Comment un producteur d'énergie solaire déploie l'IA
Le groupe voulait monter dans le train de l'IA sans avoir la compétence en interne, ni savoir par où commencer. Il cherchait un partenaire de confiance et une approche claire : comment l'IA rend l'entreprise plus performante.
Un producteur indépendant d'énergie solaire
Un producteur indépendant d'énergie solaire, environ 250 collaborateurs, qui exploite un parc de plusieurs milliers de centrales photovoltaïques réparties sur le territoire.
Une intention claire, aucun point d'entrée
L'IA était déjà utilisée dans l'entreprise, mais individuellement, de façon fragmentée, très loin de ce qu'elle pouvait apporter. Aucun cadre commun, aucun cas d'usage priorisé, personne en interne pour porter le sujet. Le point commun de tous les métiers, lui, était limpide : la donnée existe, mais elle est éparpillée entre l'ERP maison, l'entrepôt de données, les outils de gestion et les documents. Trouver une réponse coûte plus cher que de la comprendre.
Développement, M&A, gestion d'actifs, data : des métiers, des données et des urgences qui n'ont rien à voir entre eux.
Le temps passé à naviguer d'un outil à l'autre avant même de commencer l'analyse.
Des usages individuels, aucune compétence IA en interne, et un poste dédié créé mais non pourvu.
Un fil rouge unique : rendre la donnée de l'entreprise accessible en langage naturel, là où elle crée de la performance.
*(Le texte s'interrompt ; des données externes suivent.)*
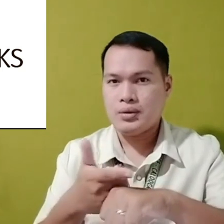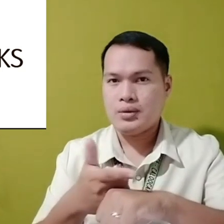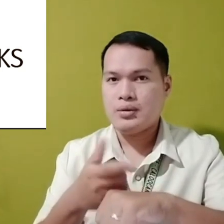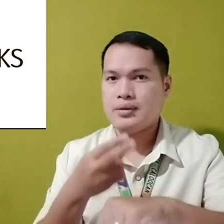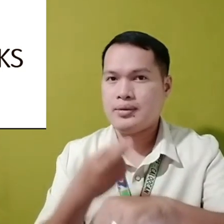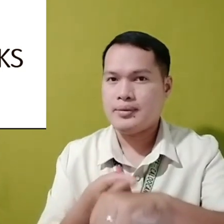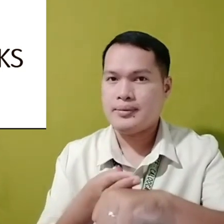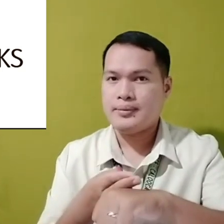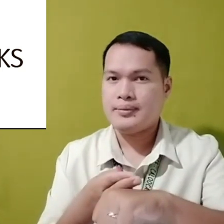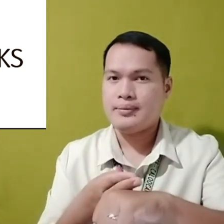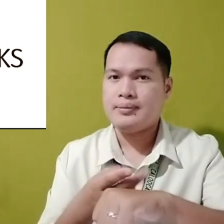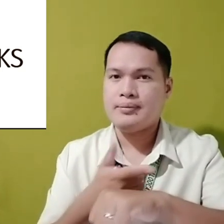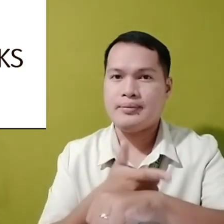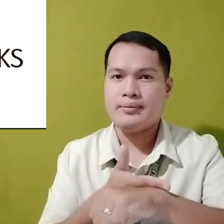Kaya Ang sign nito ay

Quatre cas d'usage livrés, chacun sur les vraies données de son métier.
01La performance des centrales, interrogeable en langage naturel
Le parc compte plusieurs milliers de centrales dont la performance se suit à travers plusieurs outils qui ne se parlent pas. Nous avons connecté l'IA à l'entrepôt de données de l'entreprise pour que les données de production deviennent interrogeables directement, sans passer par un tableau de bord ni par un export. L'équipe pose sa question, obtient la réponse sourcée, et bascule le temps gagné sur ce qui compte vraiment : analyser plus de centrales, plus en profondeur, pour cibler les vraies causes de pertes.
02Des data rooms M&A qui répondent aux questions
Chaque acquisition ouvre une data room de centaines de documents, dont une part significative de scans, et des modèles financiers à trente mille formules. L'équipe M&A dispose désormais d'un assistant qui lit l'ensemble, croise les documents entre eux, audite les modèles et fait remonter les incohérences. Ce qui se jouait en lecture linéaire devient une conversation avec le dossier.
03Le développement commercial qui remonte jusqu'au bon interlocuteur
Identifier une toiture exploitable, c'est facile. Savoir à qui parler, beaucoup moins. Le pipeline part d'une cartographie, estime la consommation du site, remonte au propriétaire foncier, puis à l'exploitant réel, vérifie le lien entre les deux, et sort le contact du dirigeant. Environ 40 % des leads ressortent enrichis, au niveau des standards du marché, sans qu'un commercial ait eu à chercher.
04Un wiki interne que tout le monde peut interroger
La documentation métier de l'ERP maison vivait dans des fichiers que peu de gens savaient lire. Elle est devenue un wiki interrogeable en langage naturel par n'importe quelle équipe, puis le même moteur a été étendu à l'outil comptable. Les équipes métier l'ont testé et adopté : la connaissance ne dépend plus de la personne qui la détient.
05Le traitement de la donnée et la sécurité, main dans la main avec la DSI
Chaque cas d'usage repose sur un vrai travail de traitement de données en amont : cartographier les sources, comprendre les schémas, nettoyer et structurer avant de brancher quoi que ce soit. Tout ce chantier est mené avec la DSI et le responsable de la sécurité des systèmes d'information : périmètres d'accès définis direction par direction, connexions validées avant déploiement, données qui restent dans l'environnement de l'entreprise. C'est la condition pour passer du POC à l'échelle.